Three main factors that determine when and if a market peak will occur
“There are a lot of moving parts that will affect the trajectory of housing outcomes,” Mr Lawless says.
The three biggest factors to impact market movements are:
• Policy-related factors such as interest rates and credit availability
• Market factors like the trend in advertised stock levels and housing affordability
• Economic factors such as labour market conditions and wages growth
“Arguably, the surge in COVID cases associated with the Omicron variant could push some of these policy tightening decisions back, with APRA or the RBA unlikely to tighten their policy settings with so much uncertainty associated with the latest case numbers,” Mr Lawless says.
“There is also some downside risk from a delayed economic recovery associated with less spending activity and heightened uncertainty, although a slower than forecast economic recovery implies rates would stay lower for longer.”
Key signals that a market is approaching its peak
“Normally, housing growth trends will gradually slow before moving into a correction phase, which is what we are seeing at the moment. However, this isn’t always the case. During periods of shock such as the GFC or early in the pandemic, housing trends turned quite sharply into negative territory,” Mr Lawless says.
Other signs to watch for include:
• rising advertised stock levels
• affordability constraints
• weakening auction clearance rates
• softening vendor metrics such as longer days on market and larger levels of discounting
“It’s fair to say we are currently seeing a softening in all of these metrics, albeit from an historically high base,” Mr Lawless says.
“We also consider macro factors, which could have an impact on housing demand such as the potential for higher interest rates or tighter credit policies. Both of these factors have a high level of uncertainty at the moment, especially considering the latest wave of COVID cases associated with Omicron which could weigh down economic activity.”
What to expect following a market peak
“Once a market peaks, the typical trend is that values will experience a period of decline,” Mr Lawless says.
“The duration and severity of the decline is dependent on a broad range of both macro and micro factors.”
Since the late 1980s, Australia has experienced national downturns that have ranged in severity from a 1.0% peak to trough decline in 2015-16, a temporary correction following the first round of credit tightening via APRA’s 10% speed limit on investment lending, to the most recent 8.4% decline experienced during the 2017-19 downturn.
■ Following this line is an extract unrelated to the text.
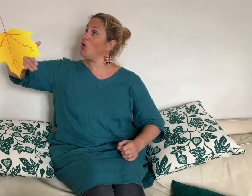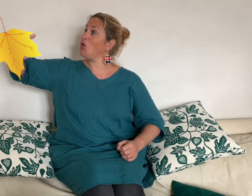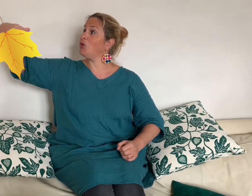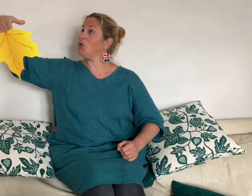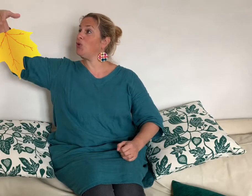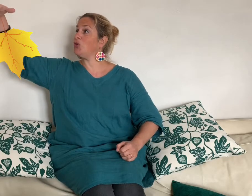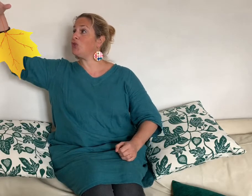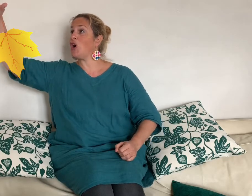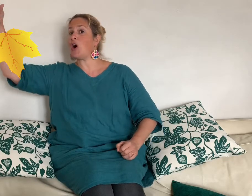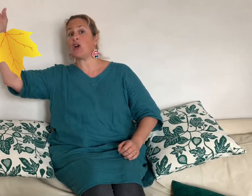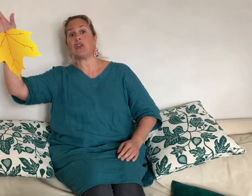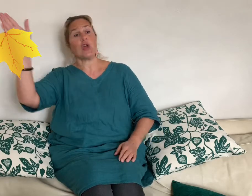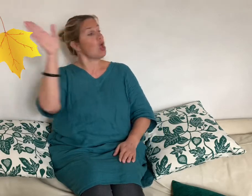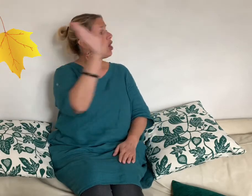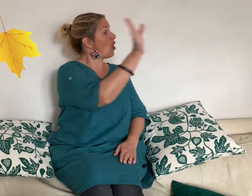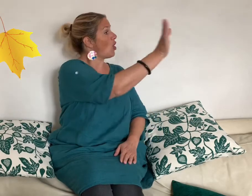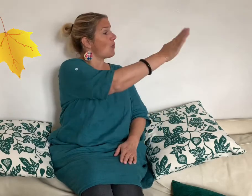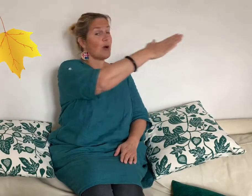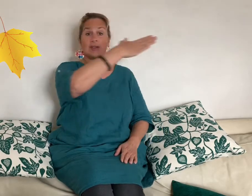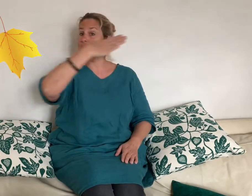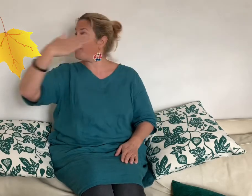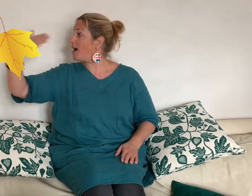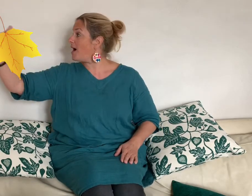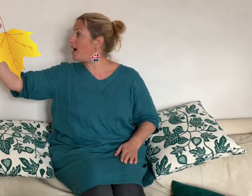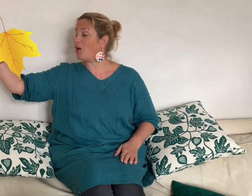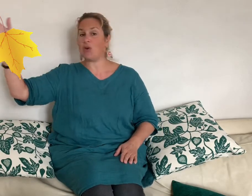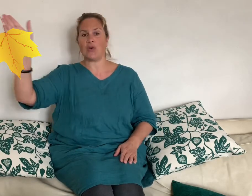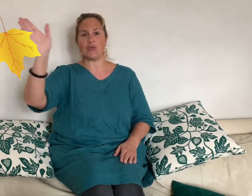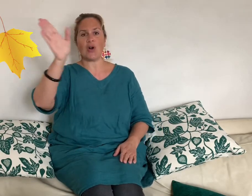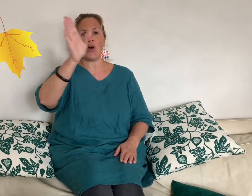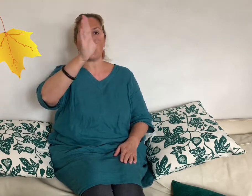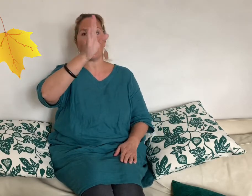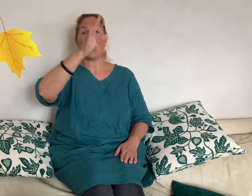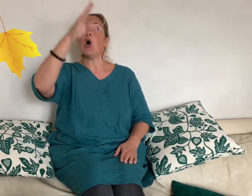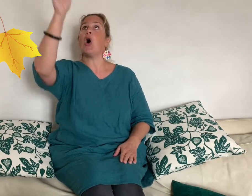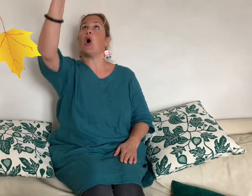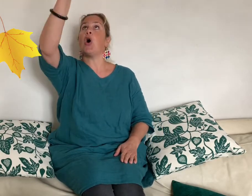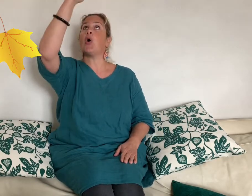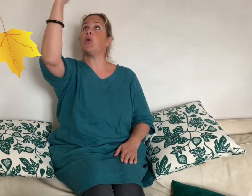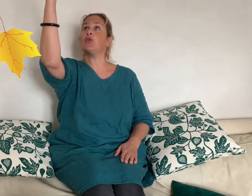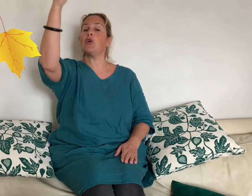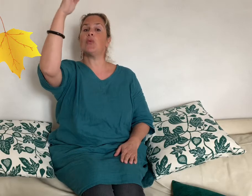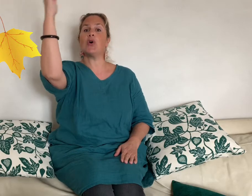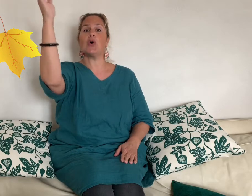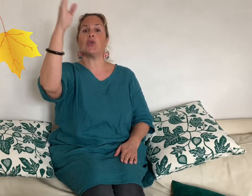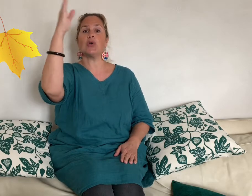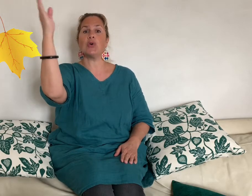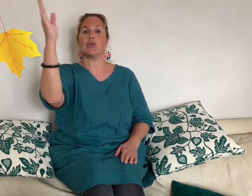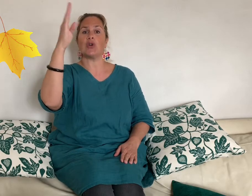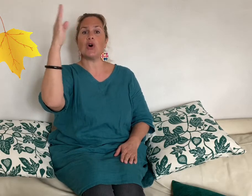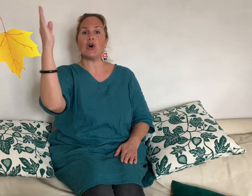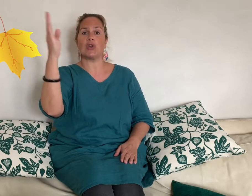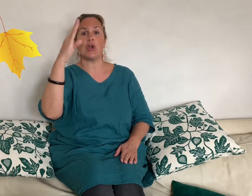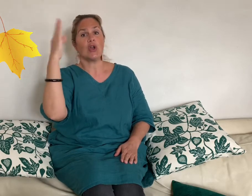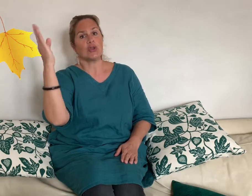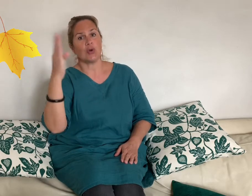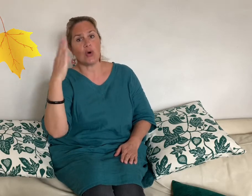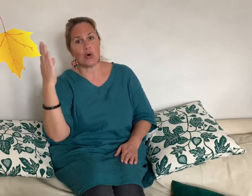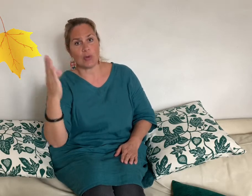d'automne Emportée par le vent En rond de monotone Tombe

At a capital city level, the most severe downturns have followed periods of exuberance such as the mining infrastructure boom in Perth and Darwin where housing values in Perth fell by 20.0% over 64 months (moving through a peak in June 2014 and finding a floor in October 2019).
In Darwin, dwelling values fell 32.7% over 69 months (May 2014 to February 2020), although both downturns were preceded by a spectacular upswing in values.